> Records to use:
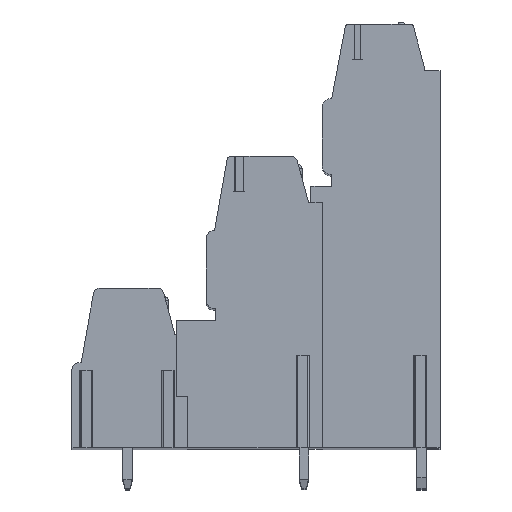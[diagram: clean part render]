
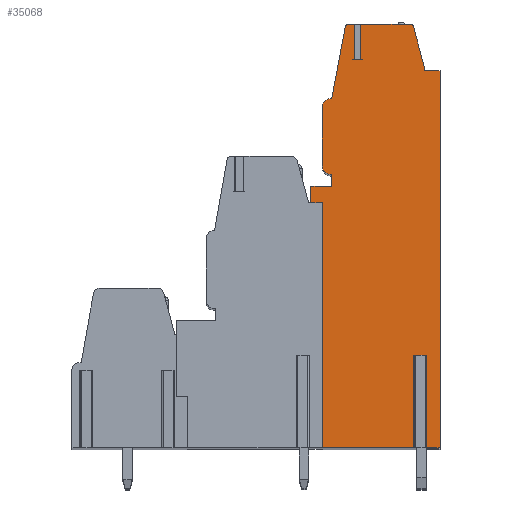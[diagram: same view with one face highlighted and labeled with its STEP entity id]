
A CAD part, top view. The second image highlights one B-rep face of the part: STEP entity #35068.
In plain terms, the highlighted planar face has unit normal (0, 0, 1).
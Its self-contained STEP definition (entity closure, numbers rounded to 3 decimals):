
#13=DIRECTION('',(0.,1.,0.));
#14=VECTOR('',#13,14.45);
#15=CARTESIAN_POINT('',(1.,-19.1,83.82));
#16=LINE('',#15,#14);
#17=DIRECTION('',(0.,-1.,0.));
#18=VECTOR('',#17,1.45);
#19=CARTESIAN_POINT('',(0.,3.5,83.82));
#20=LINE('',#19,#18);
#21=DIRECTION('',(-1.,0.,0.));
#22=VECTOR('',#21,1.8);
#23=CARTESIAN_POINT('',(1.8,3.5,83.82));
#24=LINE('',#23,#22);
#25=DIRECTION('',(0.,-1.,0.));
#26=VECTOR('',#25,1.);
#27=CARTESIAN_POINT('',(1.8,4.5,83.82));
#28=LINE('',#27,#26);
#29=CARTESIAN_POINT('',(1.8,5.3,83.82));
#30=DIRECTION('',(0.,0.,1.));
#31=DIRECTION('',(-1.,0.,0.));
#32=AXIS2_PLACEMENT_3D('',#29,#30,#31);
#34=DIRECTION('',(0.,-1.,0.));
#35=VECTOR('',#34,5.);
#36=CARTESIAN_POINT('',(1.,10.3,83.82));
#37=LINE('',#36,#35);
#38=CARTESIAN_POINT('',(1.8,10.3,83.82));
#39=DIRECTION('',(0.,0.,1.));
#40=DIRECTION('',(0.,1.,0.));
#41=AXIS2_PLACEMENT_3D('',#38,#39,#40);
#43=DIRECTION('',(-0.186,-0.983,0.));
#44=VECTOR('',#43,6.265);
#45=CARTESIAN_POINT('',(2.964,17.256,83.82));
#46=LINE('',#45,#44);
#47=CARTESIAN_POINT('',(3.259,17.2,83.82));
#48=DIRECTION('',(0.,0.,1.));
#49=DIRECTION('',(0.,1.,0.));
#50=AXIS2_PLACEMENT_3D('',#47,#48,#49);
#52=DIRECTION('',(-1.,0.,0.));
#53=VECTOR('',#52,0.551);
#54=CARTESIAN_POINT('',(3.81,17.5,83.82));
#55=LINE('',#54,#53);
#56=DIRECTION('',(0.,-1.,0.));
#57=VECTOR('',#56,3.05);
#58=CARTESIAN_POINT('',(3.81,17.5,83.82));
#59=LINE('',#58,#57);
#60=DIRECTION('',(1.,0.,0.));
#61=VECTOR('',#60,0.5);
#62=CARTESIAN_POINT('',(3.81,14.45,83.82));
#63=LINE('',#62,#61);
#64=DIRECTION('',(0.,-1.,0.));
#65=VECTOR('',#64,3.05);
#66=CARTESIAN_POINT('',(4.31,17.5,83.82));
#67=LINE('',#66,#65);
#68=DIRECTION('',(-1.,0.,0.));
#69=VECTOR('',#68,4.27);
#70=CARTESIAN_POINT('',(8.58,17.5,83.82));
#71=LINE('',#70,#69);
#72=CARTESIAN_POINT('',(8.58,17.2,83.82));
#73=DIRECTION('',(0.,0.,1.));
#74=DIRECTION('',(0.965,0.261,0.));
#75=AXIS2_PLACEMENT_3D('',#72,#73,#74);
#77=DIRECTION('',(-0.261,0.965,0.));
#78=VECTOR('',#77,3.539);
#79=CARTESIAN_POINT('',(9.792,13.861,83.82));
#80=LINE('',#79,#78);
#81=DIRECTION('',(-0.035,0.999,0.));
#82=VECTOR('',#81,0.361);
#83=CARTESIAN_POINT('',(9.805,13.5,83.82));
#84=LINE('',#83,#82);
#85=DIRECTION('',(-1.,0.,0.));
#86=VECTOR('',#85,1.355);
#87=CARTESIAN_POINT('',(11.16,13.5,83.82));
#88=LINE('',#87,#86);
#89=DIRECTION('',(0.,1.,0.));
#90=VECTOR('',#89,32.6);
#91=CARTESIAN_POINT('',(11.16,-19.1,83.82));
#92=LINE('',#91,#90);
#93=DIRECTION('',(1.,0.,0.));
#94=VECTOR('',#93,1.39);
#95=CARTESIAN_POINT('',(9.77,-19.1,83.82));
#96=LINE('',#95,#94);
#97=DIRECTION('',(0.,1.,0.));
#98=VECTOR('',#97,8.);
#99=CARTESIAN_POINT('',(9.77,-19.1,83.82));
#100=LINE('',#99,#98);
#101=DIRECTION('',(-1.,0.,0.));
#102=VECTOR('',#101,0.62);
#103=CARTESIAN_POINT('',(9.77,-11.1,83.82));
#104=LINE('',#103,#102);
#105=DIRECTION('',(0.,1.,0.));
#106=VECTOR('',#105,8.);
#107=CARTESIAN_POINT('',(9.15,-19.1,83.82));
#108=LINE('',#107,#106);
#109=DIRECTION('',(1.,0.,0.));
#110=VECTOR('',#109,8.15);
#111=CARTESIAN_POINT('',(1.,-19.1,83.82));
#112=LINE('',#111,#110);
#133=DIRECTION('',(-1.,0.,0.));
#134=VECTOR('',#133,1.195);
#135=CARTESIAN_POINT('',(1.,-4.65,83.82));
#136=LINE('',#135,#134);
#141=DIRECTION('',(-1.,0.,0.));
#142=VECTOR('',#141,0.195);
#143=CARTESIAN_POINT('',(0.,2.05,83.82));
#144=LINE('',#143,#142);
#827=DIRECTION('',(0.,-1.,0.));
#828=VECTOR('',#827,6.7);
#829=CARTESIAN_POINT('',(-0.195,2.05,83.82));
#830=LINE('',#829,#828);
#27673=CARTESIAN_POINT('',(11.16,-19.1,83.82));
#27674=CARTESIAN_POINT('',(11.16,13.5,83.82));
#27675=VERTEX_POINT('',#27673);
#27676=VERTEX_POINT('',#27674);
#27677=CARTESIAN_POINT('',(9.805,13.5,83.82));
#27678=VERTEX_POINT('',#27677);
#27679=CARTESIAN_POINT('',(9.792,13.861,83.82));
#27680=VERTEX_POINT('',#27679);
#27681=CARTESIAN_POINT('',(8.87,17.278,83.82));
#27682=VERTEX_POINT('',#27681);
#27683=CARTESIAN_POINT('',(8.58,17.5,83.82));
#27684=VERTEX_POINT('',#27683);
#27685=CARTESIAN_POINT('',(3.259,17.5,83.82));
#27686=CARTESIAN_POINT('',(2.964,17.256,83.82));
#27687=VERTEX_POINT('',#27685);
#27688=VERTEX_POINT('',#27686);
#27689=CARTESIAN_POINT('',(1.8,11.1,83.82));
#27690=VERTEX_POINT('',#27689);
#27691=CARTESIAN_POINT('',(1.,10.3,83.82));
#27692=VERTEX_POINT('',#27691);
#27693=CARTESIAN_POINT('',(1.,5.3,83.82));
#27694=VERTEX_POINT('',#27693);
#27695=CARTESIAN_POINT('',(1.8,4.5,83.82));
#27696=VERTEX_POINT('',#27695);
#27697=CARTESIAN_POINT('',(1.8,3.5,83.82));
#27698=VERTEX_POINT('',#27697);
#27699=CARTESIAN_POINT('',(0.,3.5,83.82));
#27700=VERTEX_POINT('',#27699);
#27799=CARTESIAN_POINT('',(1.,-19.1,83.82));
#27800=VERTEX_POINT('',#27799);
#27825=CARTESIAN_POINT('',(9.77,-11.1,83.82));
#27826=CARTESIAN_POINT('',(9.15,-11.1,83.82));
#27827=VERTEX_POINT('',#27825);
#27828=VERTEX_POINT('',#27826);
#27829=CARTESIAN_POINT('',(9.77,-19.1,83.82));
#27830=VERTEX_POINT('',#27829);
#27831=CARTESIAN_POINT('',(9.15,-19.1,83.82));
#27832=VERTEX_POINT('',#27831);
#27869=CARTESIAN_POINT('',(3.81,14.45,83.82));
#27870=CARTESIAN_POINT('',(4.31,14.45,83.82));
#27871=VERTEX_POINT('',#27869);
#27872=VERTEX_POINT('',#27870);
#27873=CARTESIAN_POINT('',(4.31,17.5,83.82));
#27874=VERTEX_POINT('',#27873);
#27875=CARTESIAN_POINT('',(3.81,17.5,83.82));
#27876=VERTEX_POINT('',#27875);
#28253=CARTESIAN_POINT('',(-0.195,-4.65,83.82));
#28255=VERTEX_POINT('',#28253);
#28257=CARTESIAN_POINT('',(0.,2.05,83.82));
#28258=CARTESIAN_POINT('',(-0.195,2.05,83.82));
#28259=VERTEX_POINT('',#28257);
#28260=VERTEX_POINT('',#28258);
#28265=CARTESIAN_POINT('',(1.,-4.65,83.82));
#28267=VERTEX_POINT('',#28265);
#35007=CARTESIAN_POINT('',(0.,0.,83.82));
#35008=DIRECTION('',(0.,0.,1.));
#35009=DIRECTION('',(1.,0.,0.));
#35010=AXIS2_PLACEMENT_3D('',#35007,#35008,#35009);
#35011=PLANE('',#35010);
#35013=ORIENTED_EDGE('',*,*,#35012,.T.);
#35015=ORIENTED_EDGE('',*,*,#35014,.T.);
#35017=ORIENTED_EDGE('',*,*,#35016,.F.);
#35019=ORIENTED_EDGE('',*,*,#35018,.F.);
#35021=ORIENTED_EDGE('',*,*,#35020,.F.);
#35023=ORIENTED_EDGE('',*,*,#35022,.F.);
#35025=ORIENTED_EDGE('',*,*,#35024,.F.);
#35027=ORIENTED_EDGE('',*,*,#35026,.F.);
#35029=ORIENTED_EDGE('',*,*,#35028,.F.);
#35031=ORIENTED_EDGE('',*,*,#35030,.F.);
#35033=ORIENTED_EDGE('',*,*,#35032,.F.);
#35035=ORIENTED_EDGE('',*,*,#35034,.F.);
#35037=ORIENTED_EDGE('',*,*,#35036,.F.);
#35039=ORIENTED_EDGE('',*,*,#35038,.T.);
#35041=ORIENTED_EDGE('',*,*,#35040,.T.);
#35043=ORIENTED_EDGE('',*,*,#35042,.F.);
#35045=ORIENTED_EDGE('',*,*,#35044,.F.);
#35047=ORIENTED_EDGE('',*,*,#35046,.F.);
#35049=ORIENTED_EDGE('',*,*,#35048,.F.);
#35051=ORIENTED_EDGE('',*,*,#35050,.F.);
#35053=ORIENTED_EDGE('',*,*,#35052,.F.);
#35055=ORIENTED_EDGE('',*,*,#35054,.F.);
#35057=ORIENTED_EDGE('',*,*,#35056,.F.);
#35059=ORIENTED_EDGE('',*,*,#35058,.T.);
#35061=ORIENTED_EDGE('',*,*,#35060,.T.);
#35063=ORIENTED_EDGE('',*,*,#35062,.F.);
#35065=ORIENTED_EDGE('',*,*,#35064,.F.);
#35066=EDGE_LOOP('',(#35013,#35015,#35017,#35019,#35021,#35023,#35025,#35027,
#35029,#35031,#35033,#35035,#35037,#35039,#35041,#35043,#35045,#35047,#35049,
#35051,#35053,#35055,#35057,#35059,#35061,#35063,#35065));
#35067=FACE_OUTER_BOUND('',#35066,.F.);
#33=CIRCLE('',#32,0.8);
#42=CIRCLE('',#41,0.8);
#51=CIRCLE('',#50,0.3);
#76=CIRCLE('',#75,0.3);
#35012=EDGE_CURVE('',#27800,#28267,#16,.T.);
#35014=EDGE_CURVE('',#28267,#28255,#136,.T.);
#35016=EDGE_CURVE('',#28260,#28255,#830,.T.);
#35018=EDGE_CURVE('',#28259,#28260,#144,.T.);
#35020=EDGE_CURVE('',#27700,#28259,#20,.T.);
#35022=EDGE_CURVE('',#27698,#27700,#24,.T.);
#35024=EDGE_CURVE('',#27696,#27698,#28,.T.);
#35026=EDGE_CURVE('',#27694,#27696,#33,.T.);
#35028=EDGE_CURVE('',#27692,#27694,#37,.T.);
#35030=EDGE_CURVE('',#27690,#27692,#42,.T.);
#35032=EDGE_CURVE('',#27688,#27690,#46,.T.);
#35034=EDGE_CURVE('',#27687,#27688,#51,.T.);
#35036=EDGE_CURVE('',#27876,#27687,#55,.T.);
#35038=EDGE_CURVE('',#27876,#27871,#59,.T.);
#35040=EDGE_CURVE('',#27871,#27872,#63,.T.);
#35042=EDGE_CURVE('',#27874,#27872,#67,.T.);
#35044=EDGE_CURVE('',#27684,#27874,#71,.T.);
#35046=EDGE_CURVE('',#27682,#27684,#76,.T.);
#35048=EDGE_CURVE('',#27680,#27682,#80,.T.);
#35050=EDGE_CURVE('',#27678,#27680,#84,.T.);
#35052=EDGE_CURVE('',#27676,#27678,#88,.T.);
#35054=EDGE_CURVE('',#27675,#27676,#92,.T.);
#35056=EDGE_CURVE('',#27830,#27675,#96,.T.);
#35058=EDGE_CURVE('',#27830,#27827,#100,.T.);
#35060=EDGE_CURVE('',#27827,#27828,#104,.T.);
#35062=EDGE_CURVE('',#27832,#27828,#108,.T.);
#35064=EDGE_CURVE('',#27800,#27832,#112,.T.);
#35068=ADVANCED_FACE('',(#35067),#35011,.T.);

> Task statement: Quote, exactly and only, the lines from the first line of the data above through the line containing "#48=DIRECTION('',(0.,0.,1.));". The pictures do not belong in it.

> Finished exercise:
[diagram: clean part render]
[diagram: same view with one face highlighted and labeled with its STEP entity id]
A CAD part, top view. The second image highlights one B-rep face of the part: STEP entity #35068.
In plain terms, the highlighted planar face has unit normal (0, 0, 1).
Its self-contained STEP definition (entity closure, numbers rounded to 3 decimals):
#13=DIRECTION('',(0.,1.,0.));
#14=VECTOR('',#13,14.45);
#15=CARTESIAN_POINT('',(1.,-19.1,83.82));
#16=LINE('',#15,#14);
#17=DIRECTION('',(0.,-1.,0.));
#18=VECTOR('',#17,1.45);
#19=CARTESIAN_POINT('',(0.,3.5,83.82));
#20=LINE('',#19,#18);
#21=DIRECTION('',(-1.,0.,0.));
#22=VECTOR('',#21,1.8);
#23=CARTESIAN_POINT('',(1.8,3.5,83.82));
#24=LINE('',#23,#22);
#25=DIRECTION('',(0.,-1.,0.));
#26=VECTOR('',#25,1.);
#27=CARTESIAN_POINT('',(1.8,4.5,83.82));
#28=LINE('',#27,#26);
#29=CARTESIAN_POINT('',(1.8,5.3,83.82));
#30=DIRECTION('',(0.,0.,1.));
#31=DIRECTION('',(-1.,0.,0.));
#32=AXIS2_PLACEMENT_3D('',#29,#30,#31);
#34=DIRECTION('',(0.,-1.,0.));
#35=VECTOR('',#34,5.);
#36=CARTESIAN_POINT('',(1.,10.3,83.82));
#37=LINE('',#36,#35);
#38=CARTESIAN_POINT('',(1.8,10.3,83.82));
#39=DIRECTION('',(0.,0.,1.));
#40=DIRECTION('',(0.,1.,0.));
#41=AXIS2_PLACEMENT_3D('',#38,#39,#40);
#43=DIRECTION('',(-0.186,-0.983,0.));
#44=VECTOR('',#43,6.265);
#45=CARTESIAN_POINT('',(2.964,17.256,83.82));
#46=LINE('',#45,#44);
#47=CARTESIAN_POINT('',(3.259,17.2,83.82));
#48=DIRECTION('',(0.,0.,1.));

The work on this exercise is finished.